WHAT YOU HAVE TO DO: Write out the entries below once more, exactly, with the pictures left out.

RECORDS FOR THE EXERCISE:
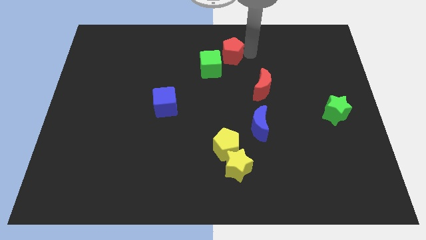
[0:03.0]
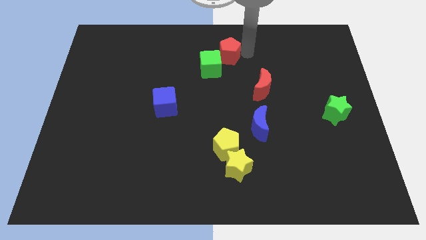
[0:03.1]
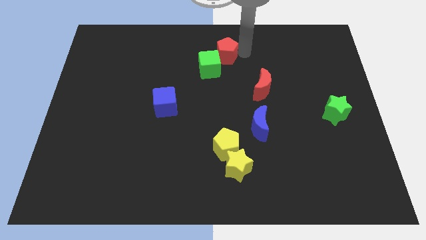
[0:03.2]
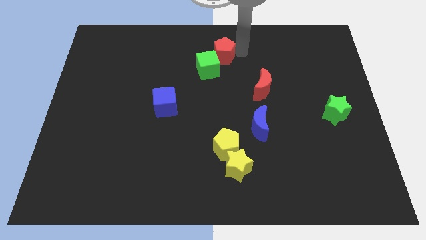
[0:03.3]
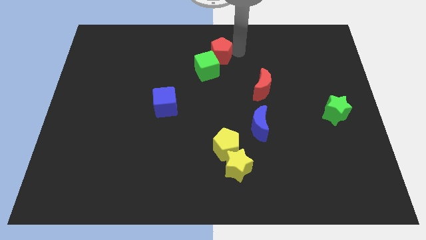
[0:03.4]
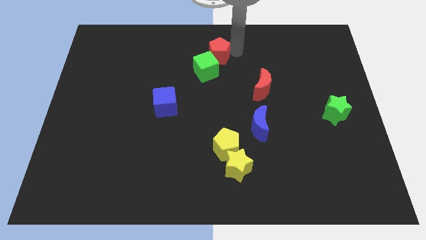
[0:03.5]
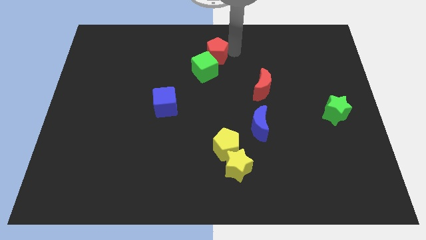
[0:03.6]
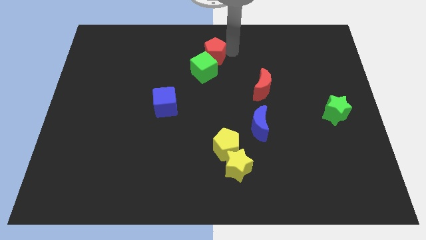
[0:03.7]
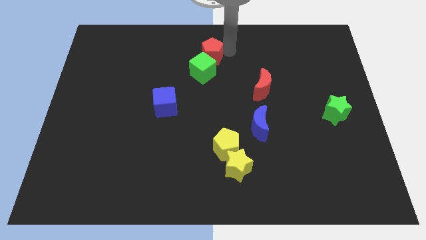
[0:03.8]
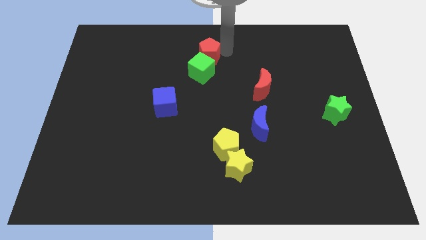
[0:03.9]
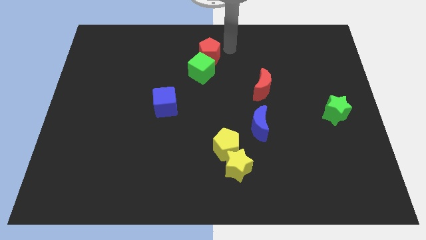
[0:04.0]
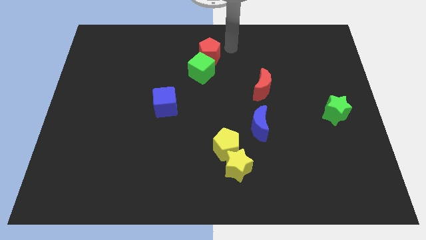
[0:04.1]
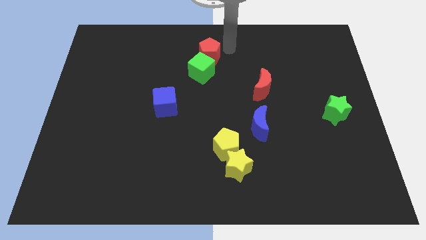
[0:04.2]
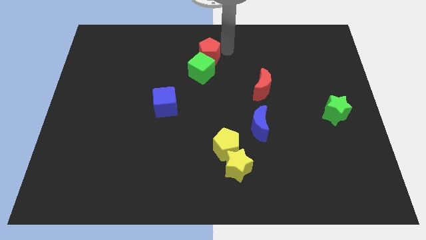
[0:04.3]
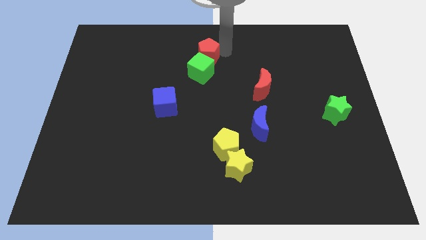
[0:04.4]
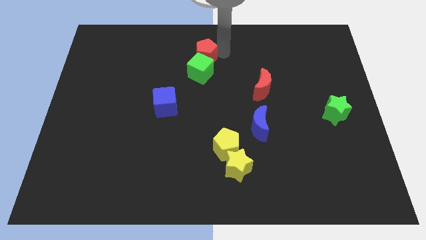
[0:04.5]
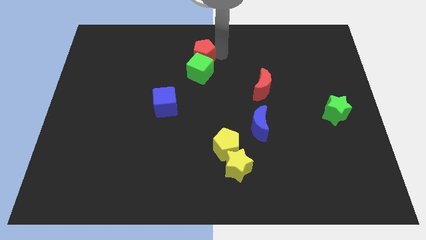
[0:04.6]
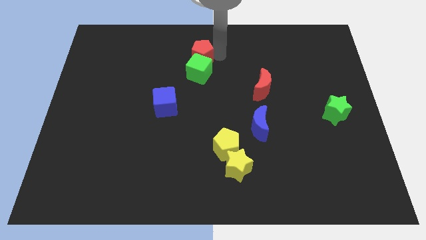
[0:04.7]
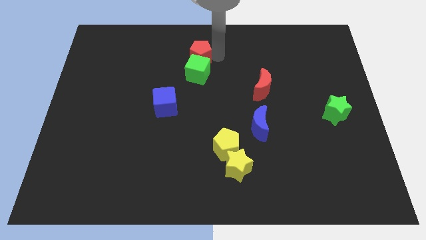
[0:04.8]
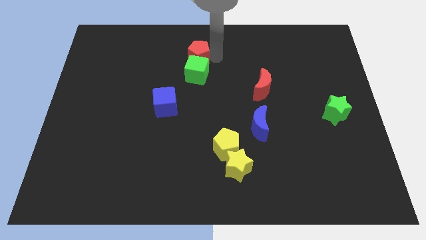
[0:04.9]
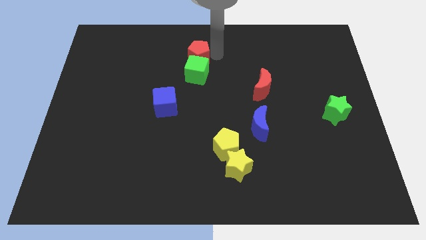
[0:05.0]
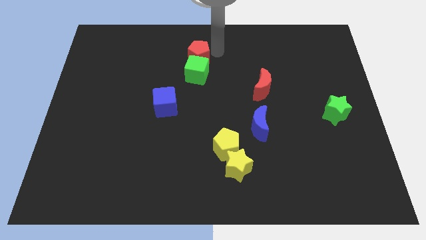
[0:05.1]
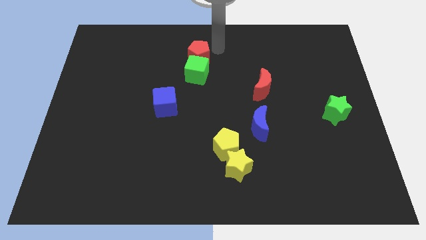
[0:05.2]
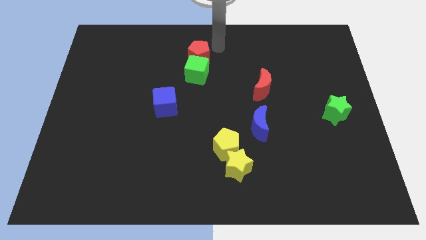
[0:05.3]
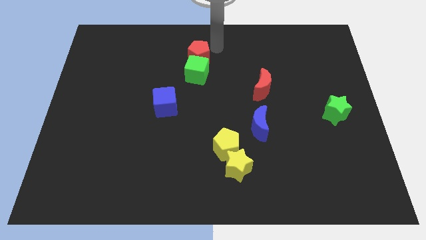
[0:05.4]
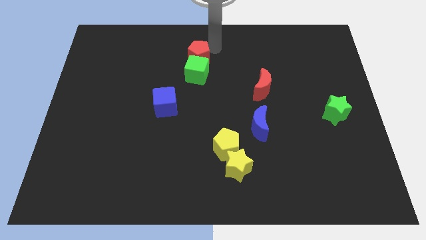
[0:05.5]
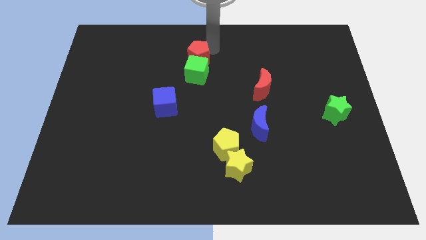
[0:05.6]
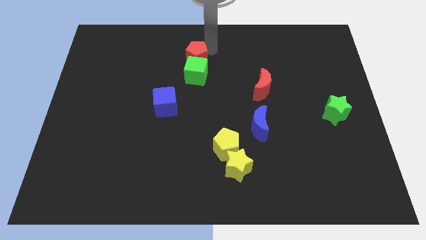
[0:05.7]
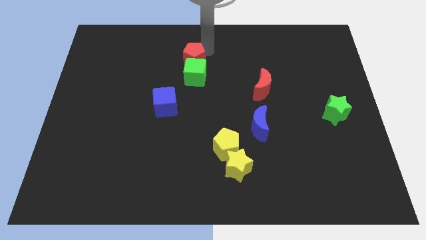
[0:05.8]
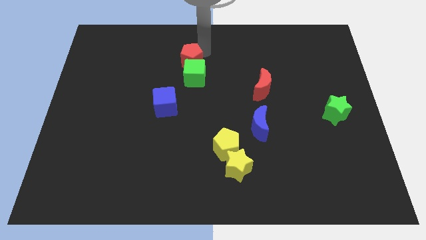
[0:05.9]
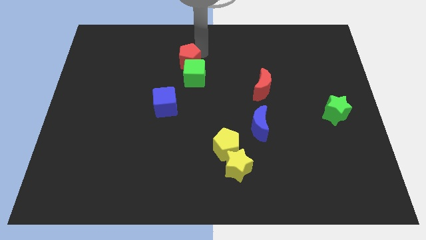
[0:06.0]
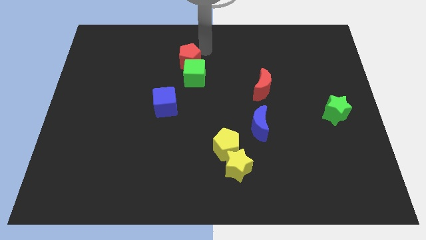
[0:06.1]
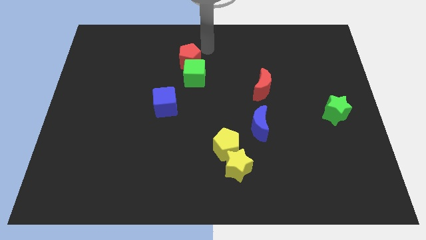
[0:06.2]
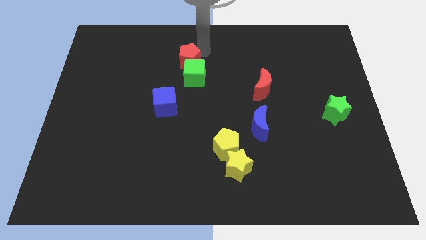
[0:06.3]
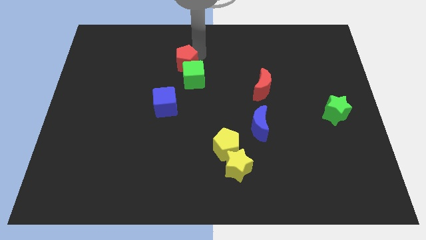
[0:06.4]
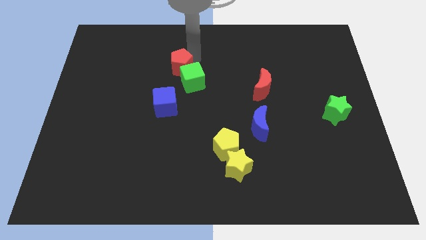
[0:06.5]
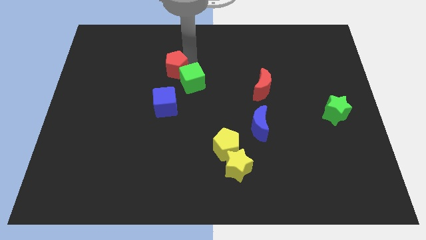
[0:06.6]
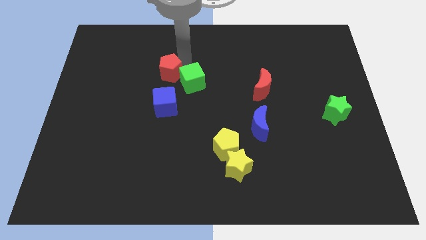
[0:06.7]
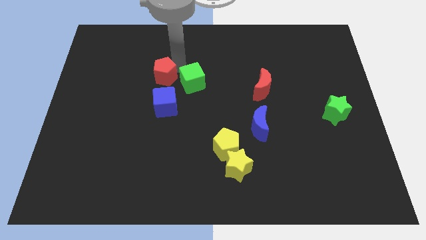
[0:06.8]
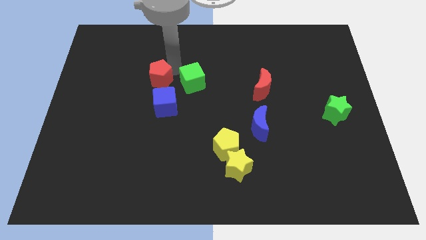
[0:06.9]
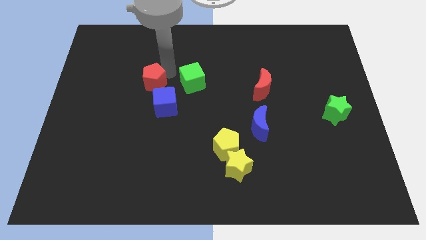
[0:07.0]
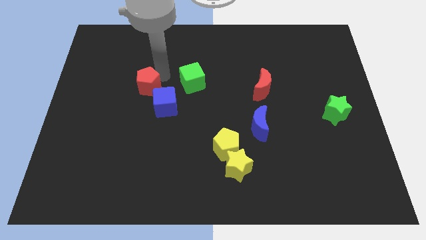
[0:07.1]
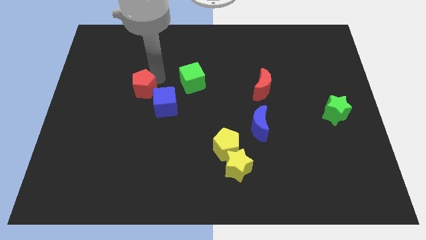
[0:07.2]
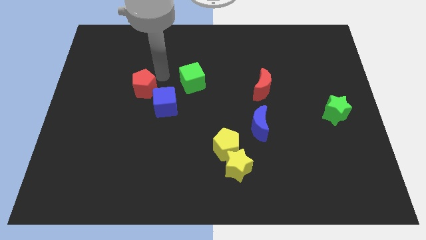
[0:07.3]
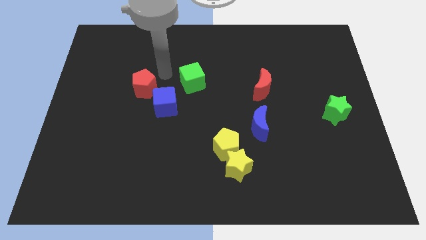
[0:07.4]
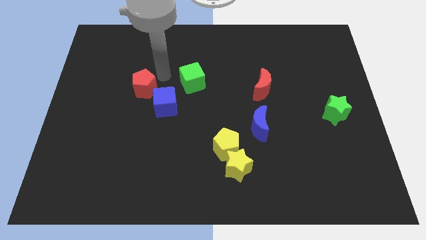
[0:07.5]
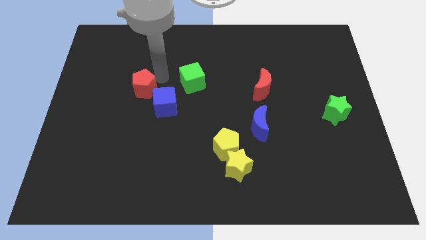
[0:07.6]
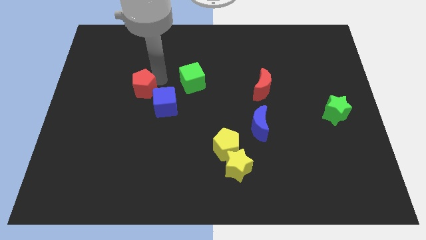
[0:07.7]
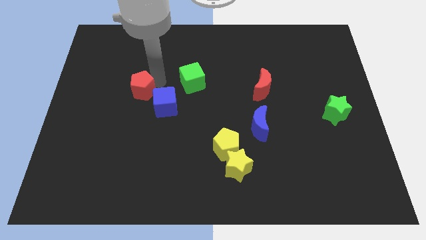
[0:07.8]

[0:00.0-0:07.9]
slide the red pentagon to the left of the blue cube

EXERCISE SOLUTION:
[0:03.0]
[0:03.1]
[0:03.2]
[0:03.3]
[0:03.4]
[0:03.5]
[0:03.6]
[0:03.7]
[0:03.8]
[0:03.9]
[0:04.0]
[0:04.1]
[0:04.2]
[0:04.3]
[0:04.4]
[0:04.5]
[0:04.6]
[0:04.7]
[0:04.8]
[0:04.9]
[0:05.0]
[0:05.1]
[0:05.2]
[0:05.3]
[0:05.4]
[0:05.5]
[0:05.6]
[0:05.7]
[0:05.8]
[0:05.9]
[0:06.0]
[0:06.1]
[0:06.2]
[0:06.3]
[0:06.4]
[0:06.5]
[0:06.6]
[0:06.7]
[0:06.8]
[0:06.9]
[0:07.0]
[0:07.1]
[0:07.2]
[0:07.3]
[0:07.4]
[0:07.5]
[0:07.6]
[0:07.7]
[0:07.8]

[0:00.0-0:07.9]
slide the red pentagon to the left of the blue cube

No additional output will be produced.